Wearables and the Rise of At-Home Preventive Care

With the global wearable market now exceeding $90 billion, algorithms are increasingly trained on people’s everyday heart metrics to detect abnormalities and infer personalized prevention remedies, like lifestyle changes. Researchers at Mayo Clinic developed an algorithm that uses Apple Watch EKG data to detect patients with a weak heart pump.

Priya Abani, CEO of AliveCor, sees a world where the quality of cardiac care is independent of where someone lives. “It's about reducing the distance between a world-class diagnosis and a patient's living room,” she says. “This is going to shift the entire paradigm from reactive treatment to proactive prevention. We're building a world where heart disease, which is, unfortunately, the leading cause of death globally, should no longer have the element of surprise.” 

Most recently, ŌURA offers a Cardiovascular Age (CVA) test that uses sleep-derived heart data that estimates markers associated with large-artery stiffness to see how fast your heart is aging compared to your biological age. Their cardio capacity measurement is the wearable’s age‑adjusted estimate of VO2 max, a measure of cardiovascular risk and cardiorespiratory fitness, explains Dr. Ricky Bloomfield, the chief medical officer at ŌURA. 

“For clinicians, I see both as adjunctive trend tools, not diagnostic endpoints,” he says. As he explained, CVA (the test) and Cardio Capacity can help frame conversations about vascular aging and fitness, and show users whether lifestyle changes are moving in the right direction over months. From there, the technology could flag when someone looks meaningfully different from their own baseline, prompting more formal evaluation when appropriate.

While not a replacement for a clinician, AI tools can provide early awareness of heart disease and provide a sense of ‘normal’ for each individual. Tools like ŌURA Advisor give people personalized lifestyle recommendations based on patterns in collected data, like heart rate, heart rate variability, stress, and activity. Bloomfield says ŌURA is currently studying how wearable data alongside AI‑guided coaching can meaningfully improve heart health. 

“Instead of making decisions from brief snapshots, cardiologists will increasingly have access to longitudinal physiologic data from validated wearables and home devices, summarized by AI into clear, individualized trends,” he said. 

Cardiology is the specialty that has the second-highest number of FDA-cleared AI applications behind radiology. It’s well positioned in the eyes of regulators because of the massive shortages of specialists and the patient need.

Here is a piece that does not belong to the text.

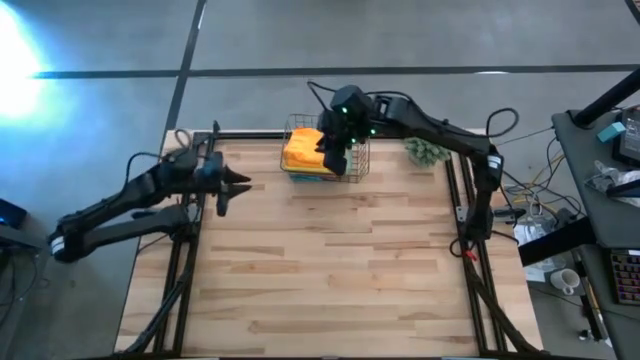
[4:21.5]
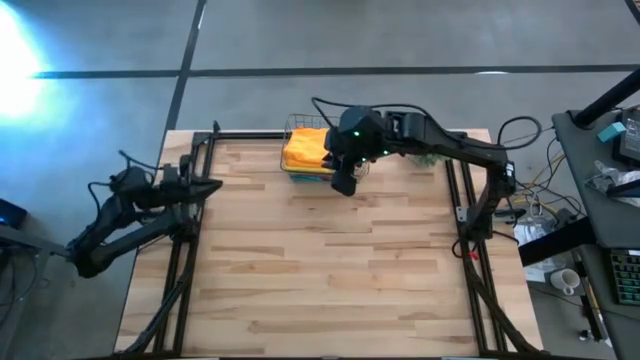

As for the future of AI and cardiology, Albert thinks of something Yale cardiologist Harlan Krumholz said once. 

“I expect in five years, no more than 10 years, that doctors won't read EKGs anymore, but the AI will read EKGs, and [we] will be completely confident that they're doing a great job,” he says. “When AI becomes invisible and yet prevalent, that's when we know it's reaching its full potential. There will be invisible AI.”

All of this is giving him a lot of reason for optimism about the specialty’s future.

“AI will be a phenomenal aid to the practice of medicine,” he said by phone. “And I can't tell you exactly when, I just know the trajectory is up and to the right.”

The medical community can and should take note from here. 

The last word from our author:

As a data mine, it’s clear that cardiology will be the specialty to follow and learn from when it comes to integrating AI into the doctor’s office. I’m particularly curious what more knowledge on our “risk” will mean as a heart health vital sign. How can we quantify risk to determine which measures or treatments are actually helpful and will provide a net benefit? Will there ever be such a thing as having too much data on our health if minor alerts cause unnecessary intervention?